Work request: Your answer must be only the lines below from the one containing "A book cover for Tutorials" through the one containing "A book cover for Into", copied exactly, with the pictures left out.

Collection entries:
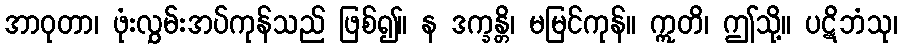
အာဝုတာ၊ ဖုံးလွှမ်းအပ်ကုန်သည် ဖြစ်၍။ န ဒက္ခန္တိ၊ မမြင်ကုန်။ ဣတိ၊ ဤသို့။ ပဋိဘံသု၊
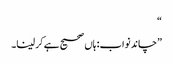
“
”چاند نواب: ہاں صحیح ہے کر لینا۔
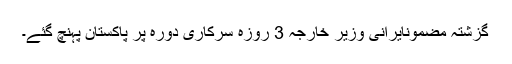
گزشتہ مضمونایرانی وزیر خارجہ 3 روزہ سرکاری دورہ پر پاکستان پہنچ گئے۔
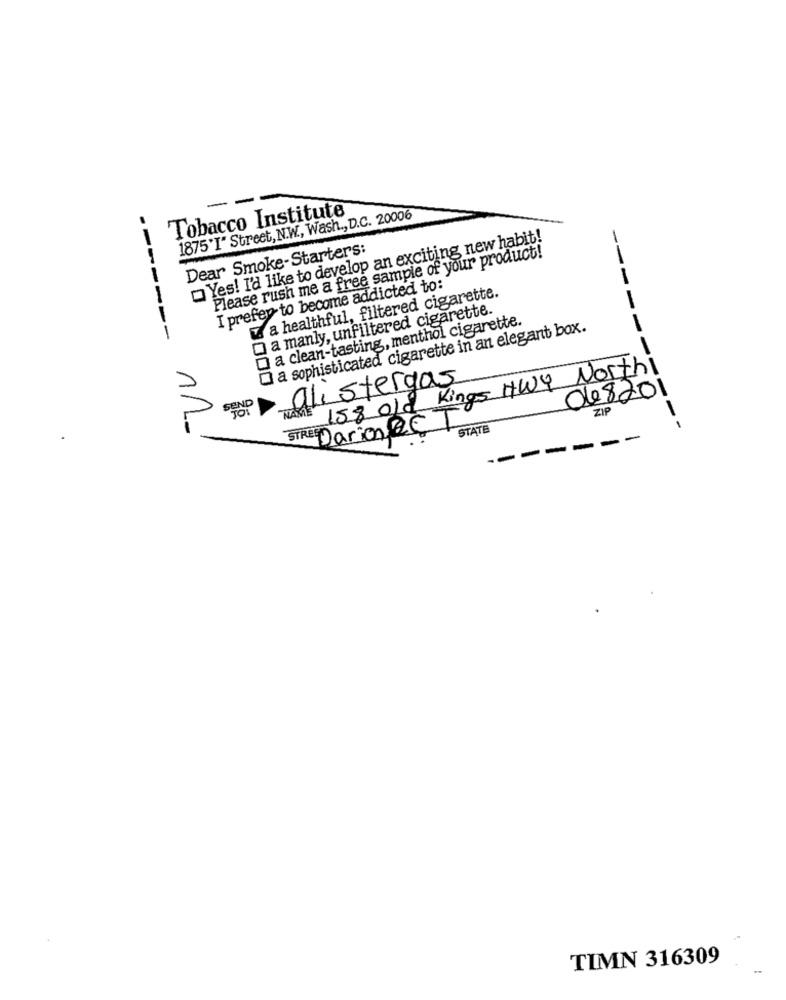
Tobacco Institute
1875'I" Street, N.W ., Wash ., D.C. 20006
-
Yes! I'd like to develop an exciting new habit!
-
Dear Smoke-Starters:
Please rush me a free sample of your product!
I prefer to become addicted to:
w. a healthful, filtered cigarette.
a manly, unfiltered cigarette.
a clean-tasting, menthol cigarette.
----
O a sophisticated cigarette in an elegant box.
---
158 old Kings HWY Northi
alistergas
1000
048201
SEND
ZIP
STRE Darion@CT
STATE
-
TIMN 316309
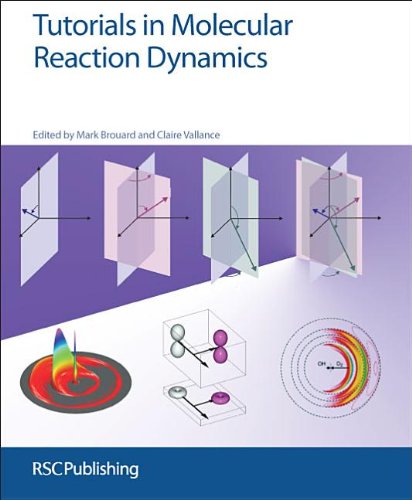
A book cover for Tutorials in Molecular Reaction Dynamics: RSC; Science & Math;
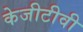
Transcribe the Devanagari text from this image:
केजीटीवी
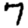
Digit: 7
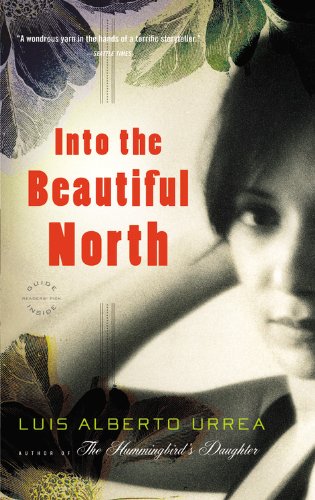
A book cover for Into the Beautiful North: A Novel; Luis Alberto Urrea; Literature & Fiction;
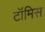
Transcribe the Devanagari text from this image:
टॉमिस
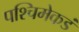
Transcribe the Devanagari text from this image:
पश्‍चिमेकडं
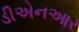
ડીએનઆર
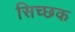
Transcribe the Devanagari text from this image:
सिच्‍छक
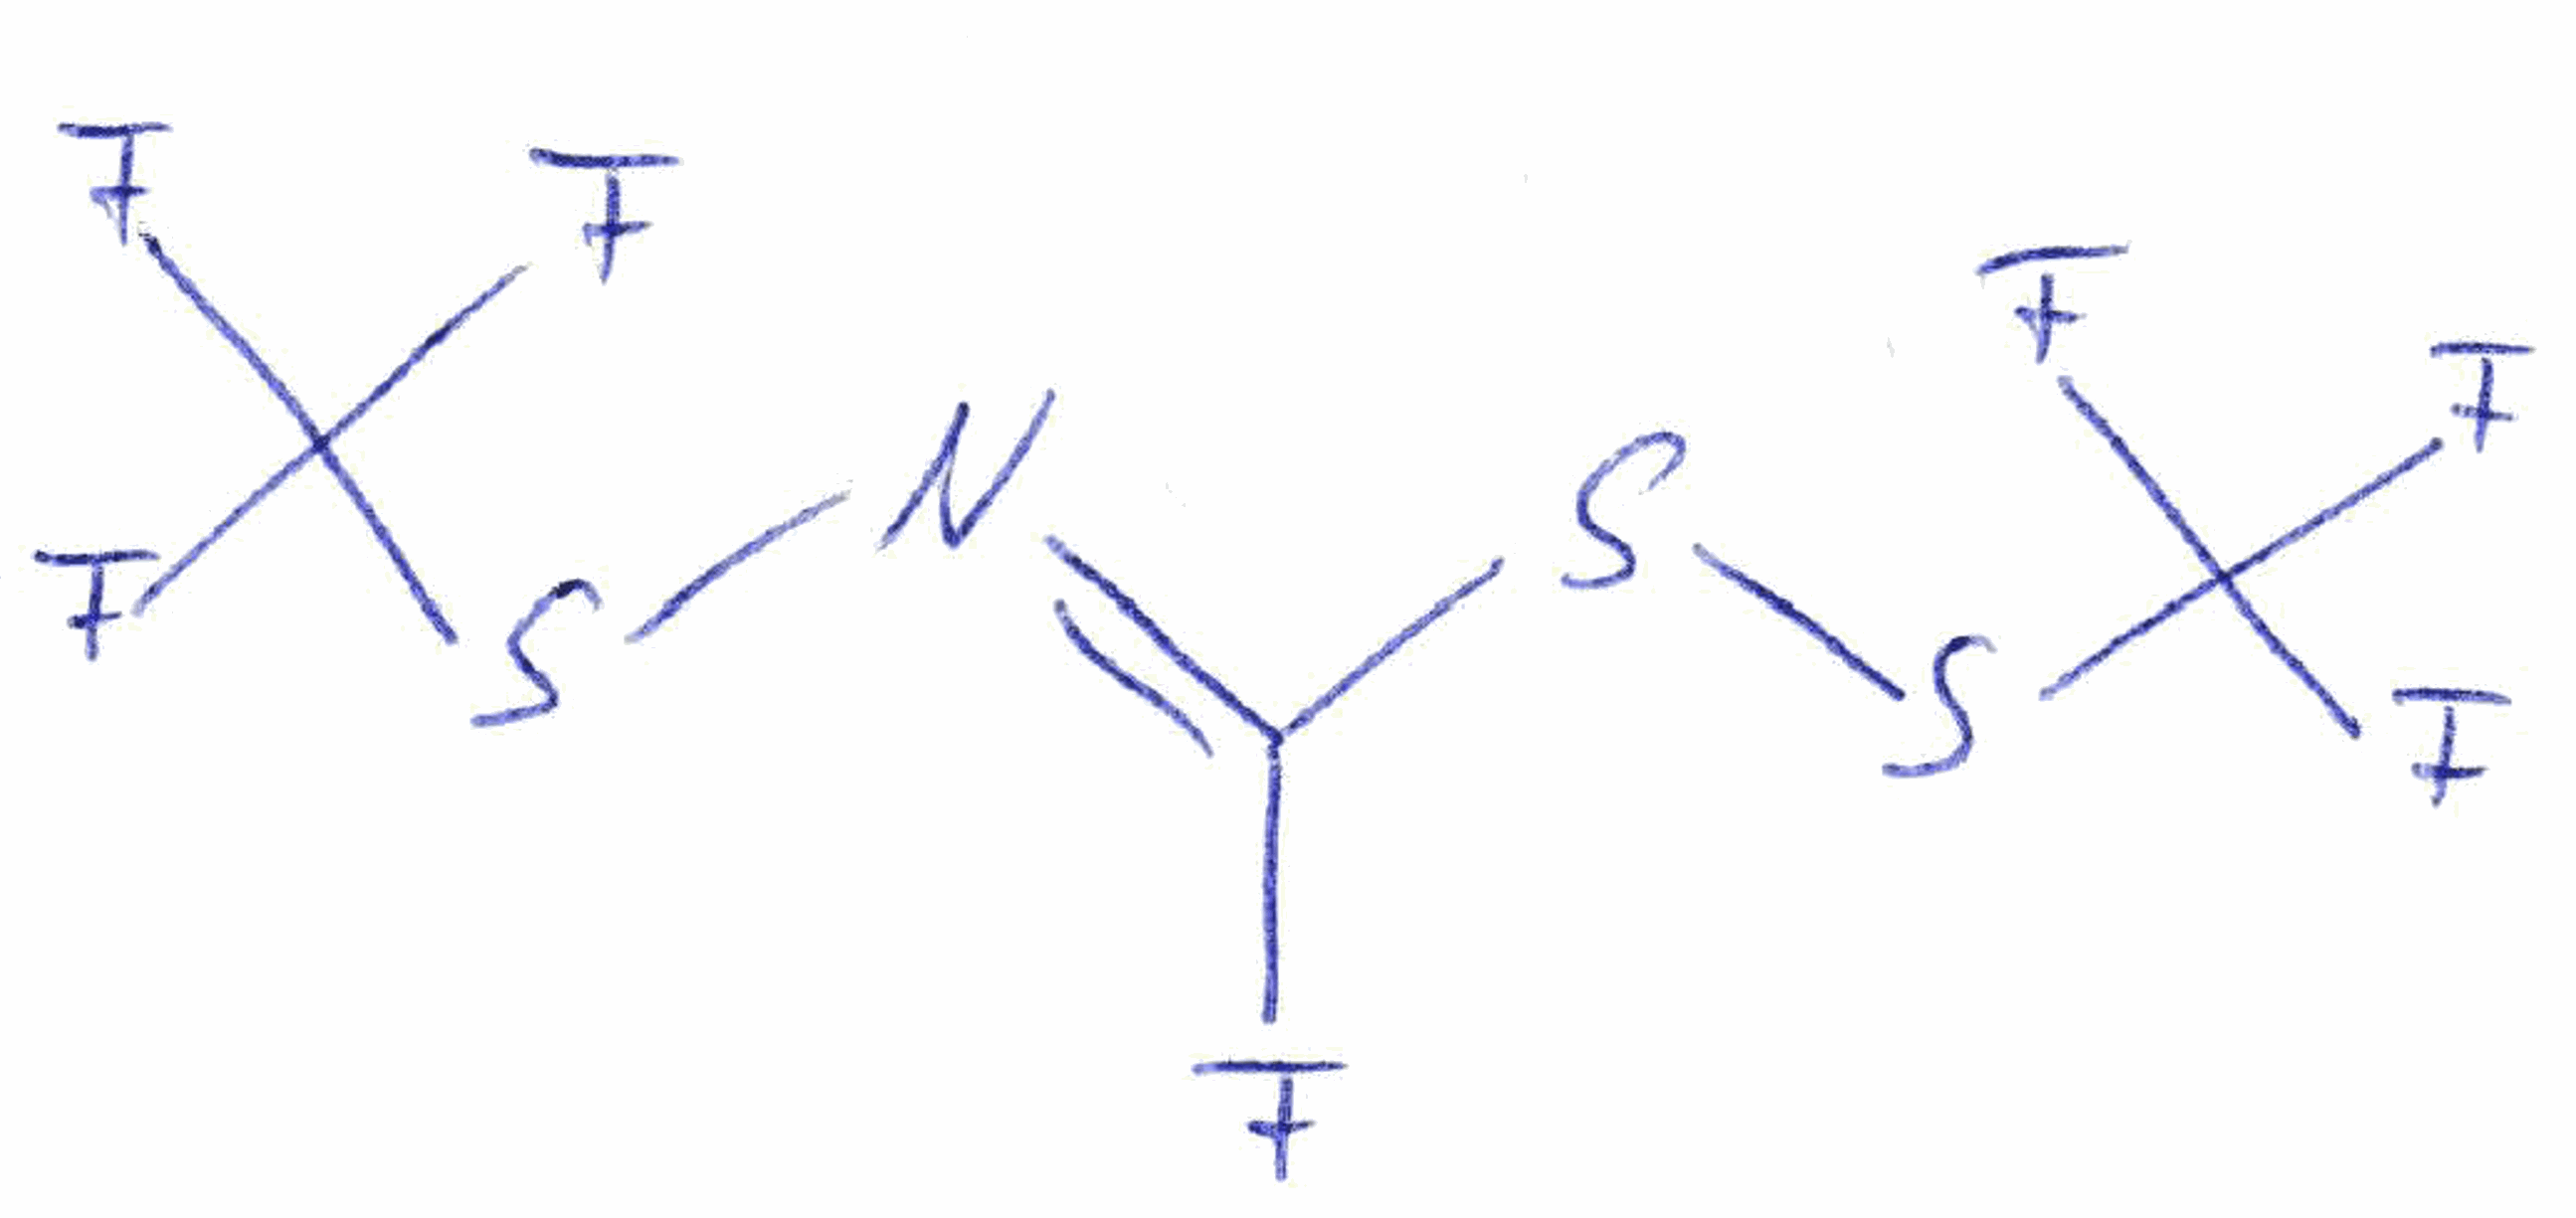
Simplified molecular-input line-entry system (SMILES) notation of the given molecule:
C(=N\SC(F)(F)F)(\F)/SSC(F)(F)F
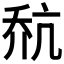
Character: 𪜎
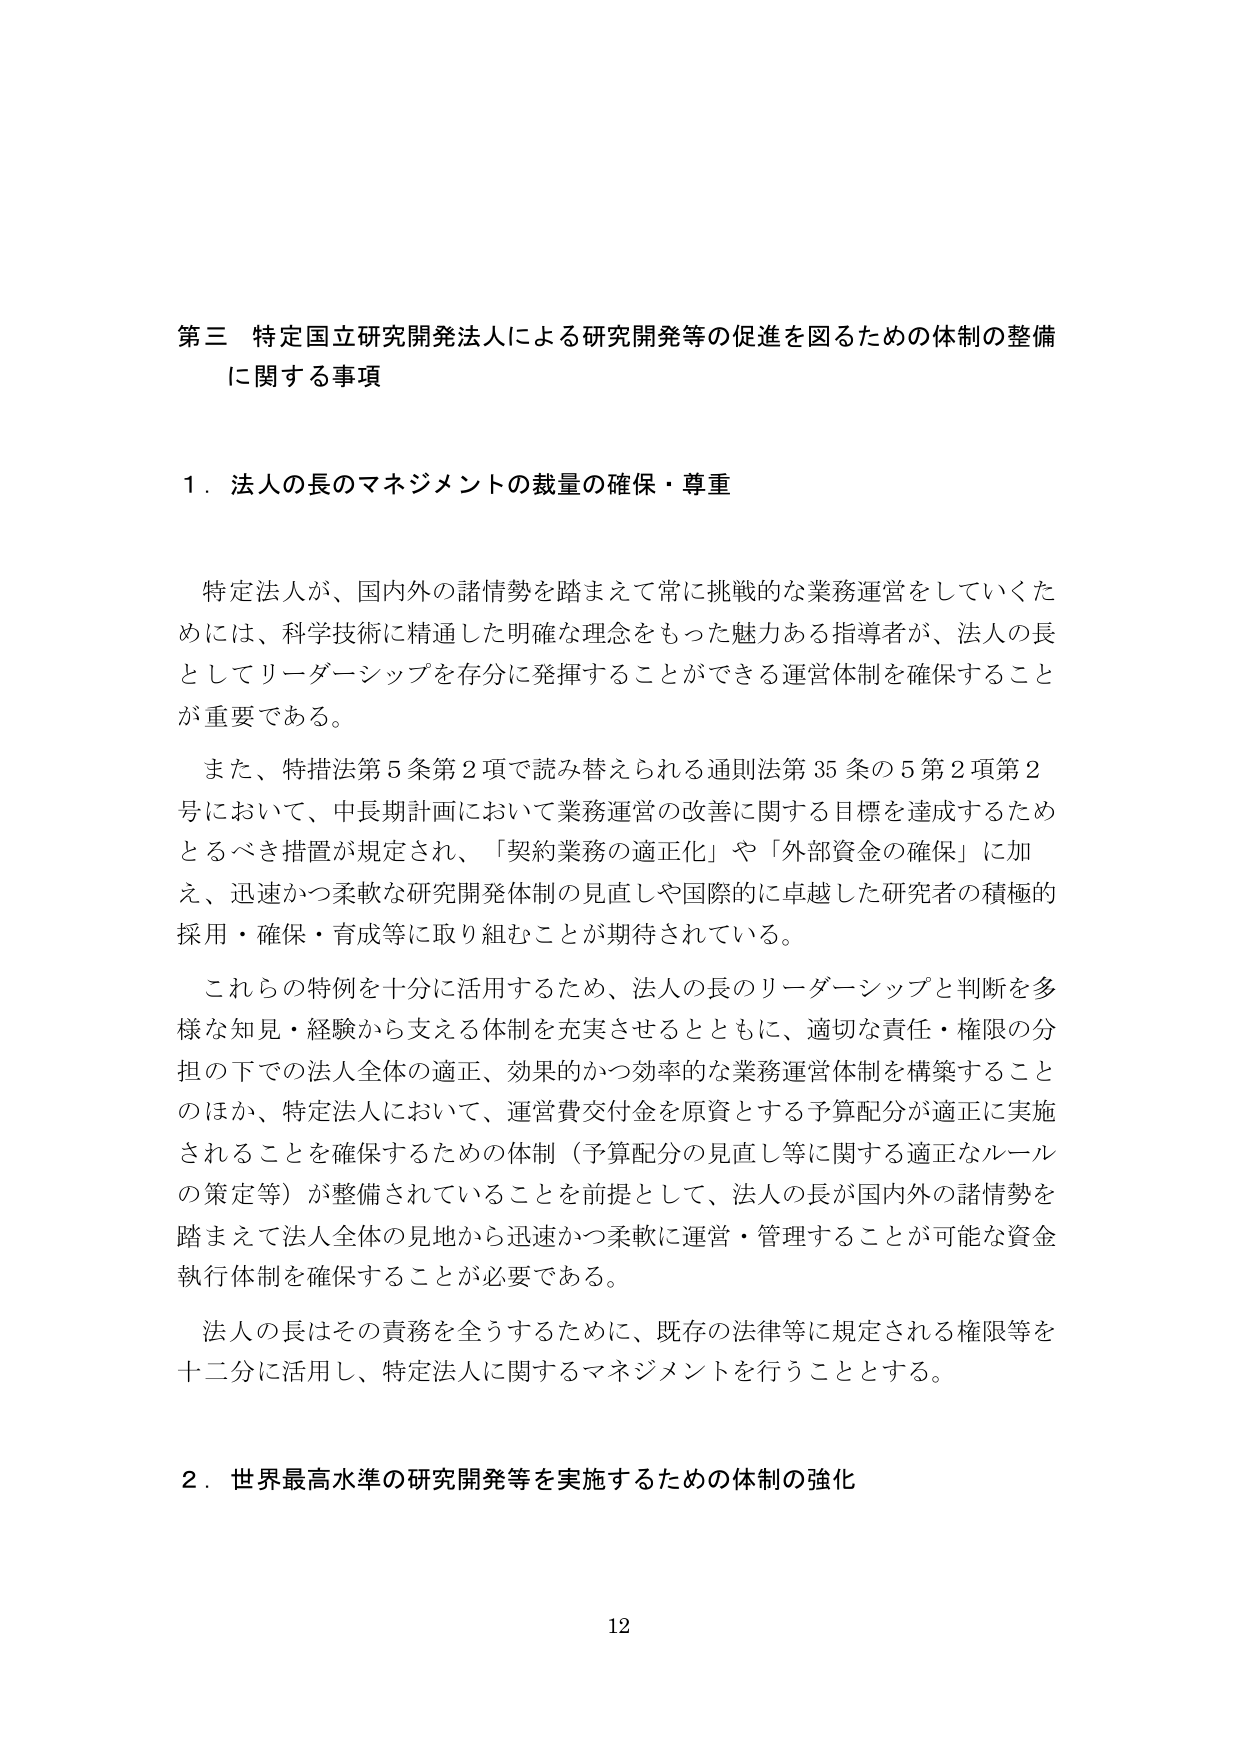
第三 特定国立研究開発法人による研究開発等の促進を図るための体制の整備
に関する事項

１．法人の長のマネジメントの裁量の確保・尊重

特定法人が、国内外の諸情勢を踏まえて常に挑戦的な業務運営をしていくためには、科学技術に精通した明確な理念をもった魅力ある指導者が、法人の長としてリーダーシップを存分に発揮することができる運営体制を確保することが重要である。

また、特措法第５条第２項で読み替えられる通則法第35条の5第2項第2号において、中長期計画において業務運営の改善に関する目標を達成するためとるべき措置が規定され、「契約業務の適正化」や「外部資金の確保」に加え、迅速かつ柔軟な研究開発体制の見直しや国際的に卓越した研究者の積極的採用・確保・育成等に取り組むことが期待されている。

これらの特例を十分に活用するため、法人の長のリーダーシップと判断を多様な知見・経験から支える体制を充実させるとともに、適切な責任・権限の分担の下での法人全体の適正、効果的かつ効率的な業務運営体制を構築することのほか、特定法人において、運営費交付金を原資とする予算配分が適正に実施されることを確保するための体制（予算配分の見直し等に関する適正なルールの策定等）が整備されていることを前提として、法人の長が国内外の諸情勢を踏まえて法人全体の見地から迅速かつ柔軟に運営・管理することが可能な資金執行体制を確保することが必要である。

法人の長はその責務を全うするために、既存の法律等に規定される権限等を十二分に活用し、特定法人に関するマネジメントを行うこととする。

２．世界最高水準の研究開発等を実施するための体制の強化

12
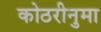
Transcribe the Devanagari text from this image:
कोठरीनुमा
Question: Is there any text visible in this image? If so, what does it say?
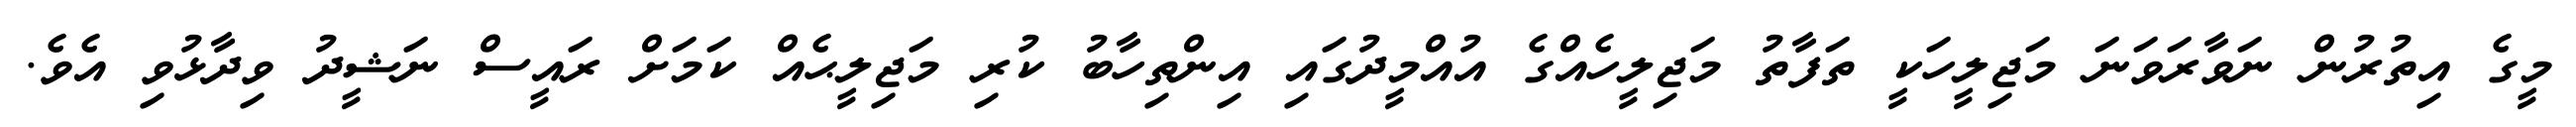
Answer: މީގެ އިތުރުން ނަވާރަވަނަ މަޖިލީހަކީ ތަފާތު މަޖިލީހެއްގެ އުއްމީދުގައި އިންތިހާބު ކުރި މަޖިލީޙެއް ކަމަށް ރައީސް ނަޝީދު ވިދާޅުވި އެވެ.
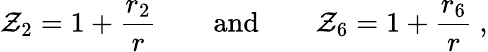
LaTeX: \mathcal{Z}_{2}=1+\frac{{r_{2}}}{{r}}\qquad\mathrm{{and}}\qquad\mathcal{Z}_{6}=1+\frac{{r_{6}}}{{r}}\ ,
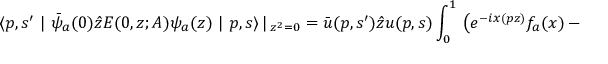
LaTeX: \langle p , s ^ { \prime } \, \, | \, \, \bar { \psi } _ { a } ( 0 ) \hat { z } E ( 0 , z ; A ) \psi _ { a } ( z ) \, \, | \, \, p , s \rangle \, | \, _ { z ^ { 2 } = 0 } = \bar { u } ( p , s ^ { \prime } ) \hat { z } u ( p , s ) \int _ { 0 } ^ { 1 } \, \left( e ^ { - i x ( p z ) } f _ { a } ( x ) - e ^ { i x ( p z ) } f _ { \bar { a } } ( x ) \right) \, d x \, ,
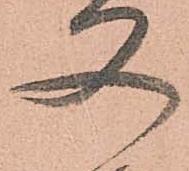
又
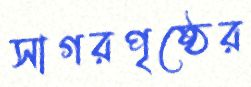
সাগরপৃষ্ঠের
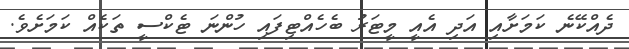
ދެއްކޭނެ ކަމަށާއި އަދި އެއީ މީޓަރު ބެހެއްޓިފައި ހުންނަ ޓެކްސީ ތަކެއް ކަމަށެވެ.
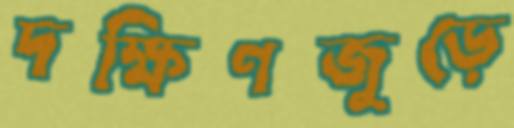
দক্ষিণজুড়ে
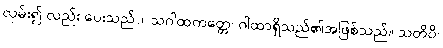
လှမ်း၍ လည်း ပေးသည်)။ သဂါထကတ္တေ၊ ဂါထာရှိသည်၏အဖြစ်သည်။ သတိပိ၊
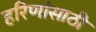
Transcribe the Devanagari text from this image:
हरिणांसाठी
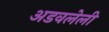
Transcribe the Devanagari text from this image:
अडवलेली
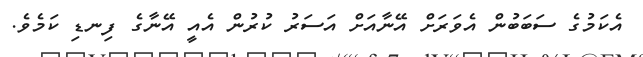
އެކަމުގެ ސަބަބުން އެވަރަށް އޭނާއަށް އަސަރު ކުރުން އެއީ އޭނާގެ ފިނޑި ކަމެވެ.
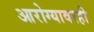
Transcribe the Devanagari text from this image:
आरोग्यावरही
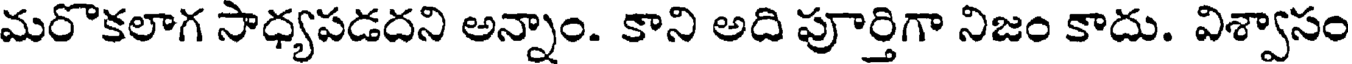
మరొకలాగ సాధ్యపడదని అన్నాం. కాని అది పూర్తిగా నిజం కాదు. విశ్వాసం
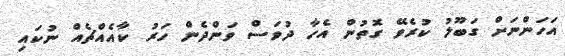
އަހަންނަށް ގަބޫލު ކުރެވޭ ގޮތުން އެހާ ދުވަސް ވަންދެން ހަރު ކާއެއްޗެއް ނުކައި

Answer area:
A book cover for Tutorials in Molecular Reaction Dynamics: RSC; Science & Math;
Transcribe the Devanagari text from this image:
केजीटीवी
Digit: 7
A book cover for Into the Beautiful North: A Novel; Luis Alberto Urrea; Literature & Fiction;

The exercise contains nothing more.